Lauren helped Jenna lift Ashley back to her feet, muttering a few disapproving lines like a mother condemning a child, as she did. “What’s wrong? You seem off,” Lauren said to Jenna as they watched Ashley make her way through the throngs before finally disappearing around the dunk tank where a teen in a tube top was fully submerged, “You’re not still nervous about Trish’s party, are you?”
Jenna reddened. “Well now I am.”
Lauren’s smile returned as they moved past the merry-go-round and the eerie music that hung suspended in the air above it. “Don’t be.” She spoke in that lilting way she often did, touched with just a hint of an accent that sounded oddly Eastern European. Jenna thought fleetingly of Lauren’s past and the friends she’d meet that Lauren had known forever and she felt thrilled and horrified and nauseous all at once.
“I wasn’t going to say anything,” she murmured, rather meekly.
Lauren took her by the hand; she had a pianist’s fingers. “They are going to love you. You’re going to fit in perfectly, I know these girls.”
“Yeah, I know,” but it had to be perfect, “but still…”
“But nothing. You’ll be fine. And besides, I think I see Ashley.”
“Hello lovelies,” Ashley said, teddy bear stuffed under one arm. She motioned over her shoulder with her eyes and said, “I have a couple people I want you to meet. This is Connor and Jon. I met them at that balloon game over by the bouncy castle–they were losing horribly until I showed up–but anyways, we got to talking and they want to come with us to Trish’s party.” She feigned embarrassment. “Sorry L, I may have let the details slip.”
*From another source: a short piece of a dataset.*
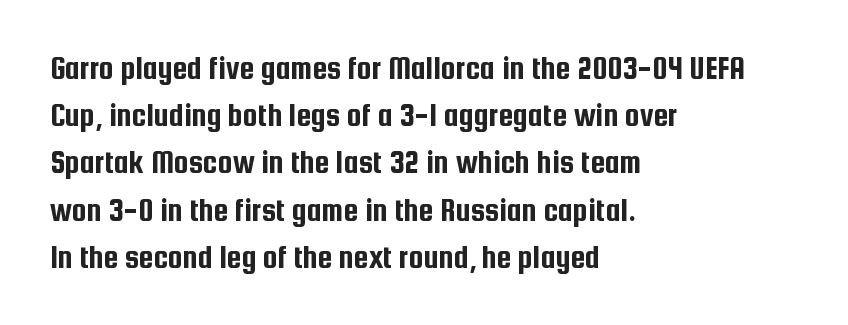
A typesetter would call this leading conventional body-copy spacing. Honestly, there is no underline to notice here at all. Serif or sans? Sans — the stroke terminals are bare. These lines are set flush left with a ragged right edge. Note the varied advance widths — an 'i' is clearly narrower than an 'm'. Vertical strokes here are truly vertical.

Jenna felt the hard curve of Lauren’s elbow clip her ribs as two boys Jenna hadn’t even noticed began to approach. Ashley continued talking but Jenna was lost in the boy on the right’s large blue gaze. He was beautiful, with shaggy black hair and a light shade of stubble covering his hollow cheeks. He looked like the football players Jenna remembered from high school, though they’d never been interested in her then. But this boy stepped right up to her. He tugged down on the hem of his shirt, rubbed his square jaw, and touched the back of his neck. There was restraint in the way his hands twitched towards her, and in the way his eyes fought not to look up into her gaze. Like he was humbled by her. Like he couldn’t look away.
Jenna held out her small hand and his large mitt quickly swallowed it. He introduced himself again as if he’d forgotten that Ashley had already done it for him. “Hi I’m Jon. Jon Weldon.”
“Jenna,” she said, feeling her stomach flip when he said his name. “It looks like you boys forgot your costumes.” She swept her eyes from Jon to Connor then back again.
Connor shrugged. “Eh. Halloween’s never really been my thing. This dork over here wanted to dress up as Luigi and Mario but I was the rational one who talked him out of it.”
“That’s too bad.”
Lauren laughed, “Coming from the girl who I nearly had to hog tie to get into cat ears and a black dress.”
Jenna bit her lip as laughter fluttered through their small circle. Her eyes danced up to Jon’s and he seemed surprised again that she was looking at him. He gulped, dropped his voice and said very sweetly, “Well I think you look nice. Really pretty.”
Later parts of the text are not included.